A host name is simply a name used to represent a computer. The names of the hosts on a network are stored in a text file called HOSTS on each computer. The HOSTS file also contains the IP address of the computer associated with each of those names. To communicate with another computer on the network by specifying its host name, your computer must first resolve that name into its IP address by looking it up in the HOSTS file. Name resolution is the process of converting a name into its equivalent IP address. The name resolution process is essential, because an IP datagram must use an IP address, and not a name, to identify its destination.
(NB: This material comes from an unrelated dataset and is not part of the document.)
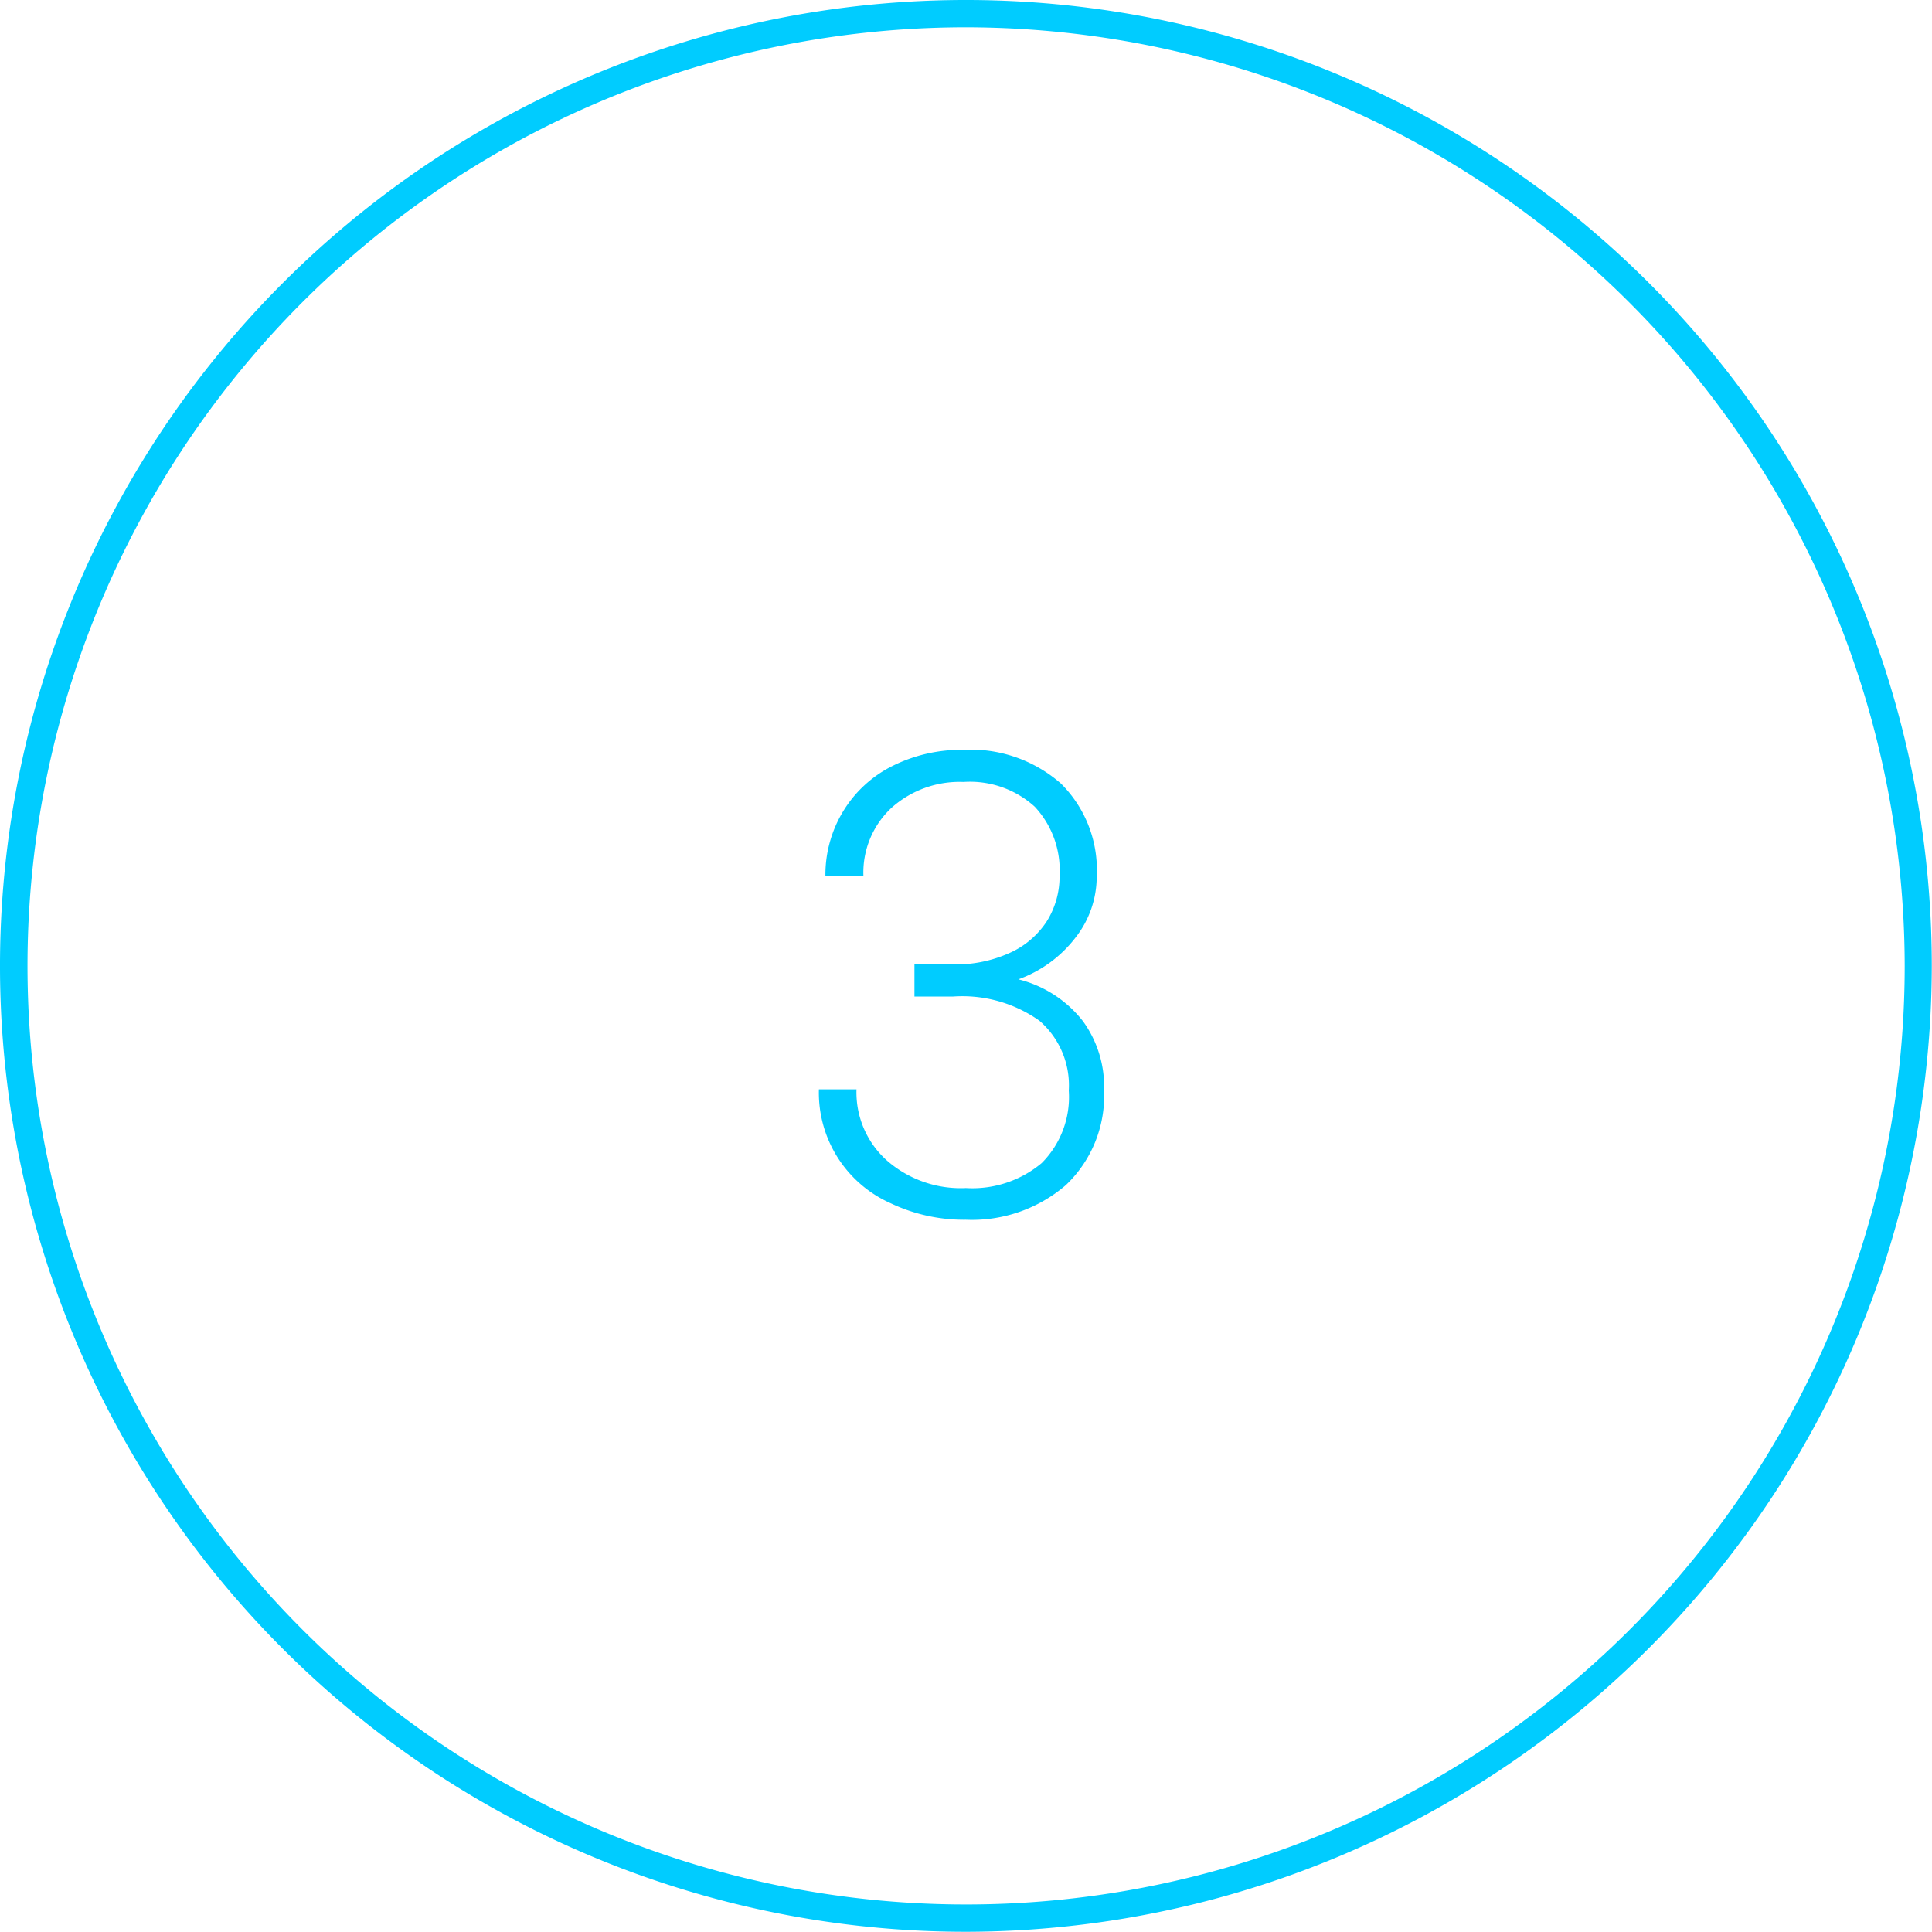 <svg xmlns="http://www.w3.org/2000/svg" viewBox="0 0 92.01 92.01"><title>Базовая станция. 3</title><path d="M43.55,45.93H45.4a6.22,6.22,0,0,0,2.69-.55,4.1,4.1,0,0,0,1.76-1.5,4,4,0,0,0,.61-2.19,4.43,4.43,0,0,0-1.18-3.27,4.59,4.59,0,0,0-3.39-1.18,4.86,4.86,0,0,0-3.43,1.23,4.21,4.21,0,0,0-1.34,3.25H39.31a5.82,5.82,0,0,1,.85-3.09,5.73,5.73,0,0,1,2.36-2.16,7.33,7.33,0,0,1,3.35-.76,6.51,6.51,0,0,1,4.66,1.61,5.8,5.8,0,0,1,1.7,4.43,4.71,4.71,0,0,1-1,2.89,6,6,0,0,1-2.73,2,5.61,5.61,0,0,1,3.08,2,5.31,5.31,0,0,1,1,3.3,5.87,5.87,0,0,1-1.82,4.5A6.85,6.85,0,0,1,46,58.09a8.14,8.14,0,0,1-3.57-.78A5.76,5.76,0,0,1,39,51.88h1.79a4.35,4.35,0,0,0,1.45,3.39A5.34,5.34,0,0,0,46,56.58a5.14,5.14,0,0,0,3.61-1.19,4.45,4.45,0,0,0,1.29-3.45,4.07,4.07,0,0,0-1.4-3.33,6.35,6.35,0,0,0-4.12-1.15H43.55Z" fill="#0cf"/><path d="M46,92A46,46,0,1,1,92,46,46.06,46.06,0,0,1,46,92ZM46,1.3A44.7,44.7,0,1,0,90.71,46,44.76,44.76,0,0,0,46,1.3Z" fill="#0cf"/></svg>

Every computer must have its own HOSTS file, which is why this name resolution method is not widely used today. In the early days of the Internet, when the entire network consisted of a few dozen computers, administrators regularly downloaded updated HOSTS files containing entries for all of the computers on the Internet. Today a HOSTS file for the entire Internet would be enormous, even if you could compile one, and requiring every computer to download it would bring the entire network to its knees. However, if there are computers on the network that you visit frequently, you can put them in a HOSTS file on your computer to bypass the more elaborate name resolution methods used today.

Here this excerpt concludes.